#### YOUR ASSIGNMENT:
Images should not appear in the copy, yet every line of the listing below must be printed exactly.
* * *
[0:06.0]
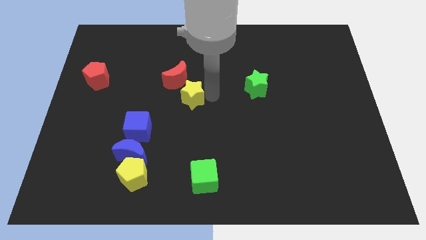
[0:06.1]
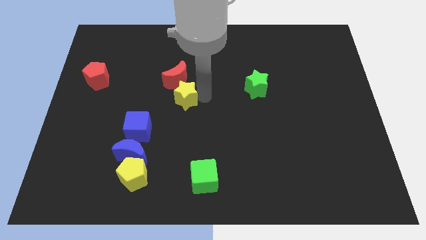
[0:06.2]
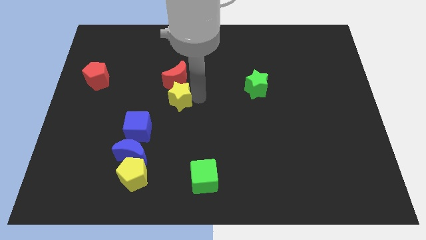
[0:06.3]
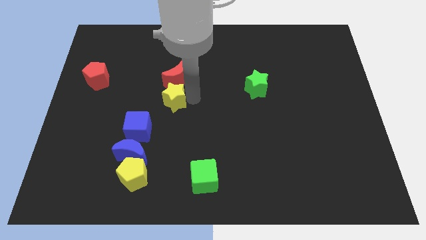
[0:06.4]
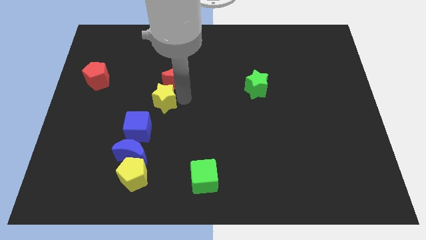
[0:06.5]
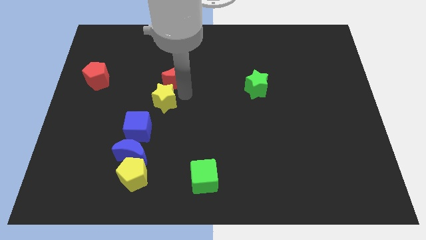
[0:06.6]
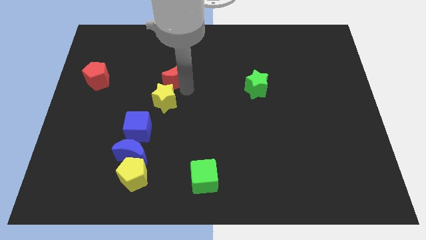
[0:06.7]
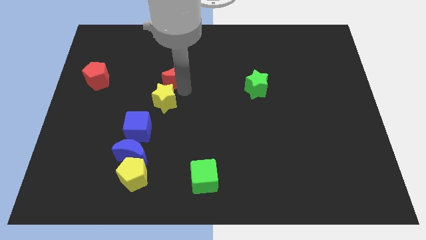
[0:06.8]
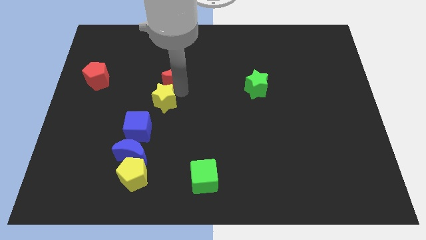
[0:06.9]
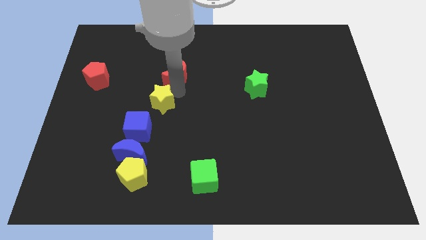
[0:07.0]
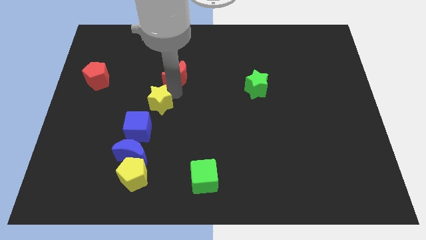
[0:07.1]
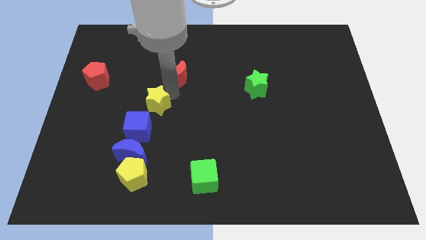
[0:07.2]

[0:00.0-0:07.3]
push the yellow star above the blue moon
* * *
#### EXERCISE ANSWER:
[0:06.0]
[0:06.1]
[0:06.2]
[0:06.3]
[0:06.4]
[0:06.5]
[0:06.6]
[0:06.7]
[0:06.8]
[0:06.9]
[0:07.0]
[0:07.1]
[0:07.2]

[0:00.0-0:07.3]
push the yellow star above the blue moon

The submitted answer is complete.